Task description
The entries below contain a line with "Chest X-ray" and a line with "Description: Designs for". Retype exactly everything from the first down to the second, both included, and nothing else.
───── Dataset records
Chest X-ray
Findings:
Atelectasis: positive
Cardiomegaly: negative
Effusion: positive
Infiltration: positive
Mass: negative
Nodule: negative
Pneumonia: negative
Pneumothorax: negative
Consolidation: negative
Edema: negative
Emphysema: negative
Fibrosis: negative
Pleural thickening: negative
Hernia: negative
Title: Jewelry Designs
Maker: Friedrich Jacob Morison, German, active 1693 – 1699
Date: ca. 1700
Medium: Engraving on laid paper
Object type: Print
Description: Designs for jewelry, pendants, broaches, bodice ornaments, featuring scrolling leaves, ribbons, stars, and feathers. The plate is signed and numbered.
──────────
───── Dataset records
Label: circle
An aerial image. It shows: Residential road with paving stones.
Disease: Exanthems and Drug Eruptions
──────────
Response to this task
Chest X-ray
Findings:
Atelectasis: positive
Cardiomegaly: negative
Effusion: positive
Infiltration: positive
Mass: negative
Nodule: negative
Pneumonia: negative
Pneumothorax: negative
Consolidation: negative
Edema: negative
Emphysema: negative
Fibrosis: negative
Pleural thickening: negative
Hernia: negative
Title: Jewelry Designs
Maker: Friedrich Jacob Morison, German, active 1693 – 1699
Date: ca. 1700
Medium: Engraving on laid paper
Object type: Print
Description: Designs for jewelry, pendants, broaches, bodice ornaments, featuring scrolling leaves, ribbons, stars, and feathers. The plate is signed and numbered.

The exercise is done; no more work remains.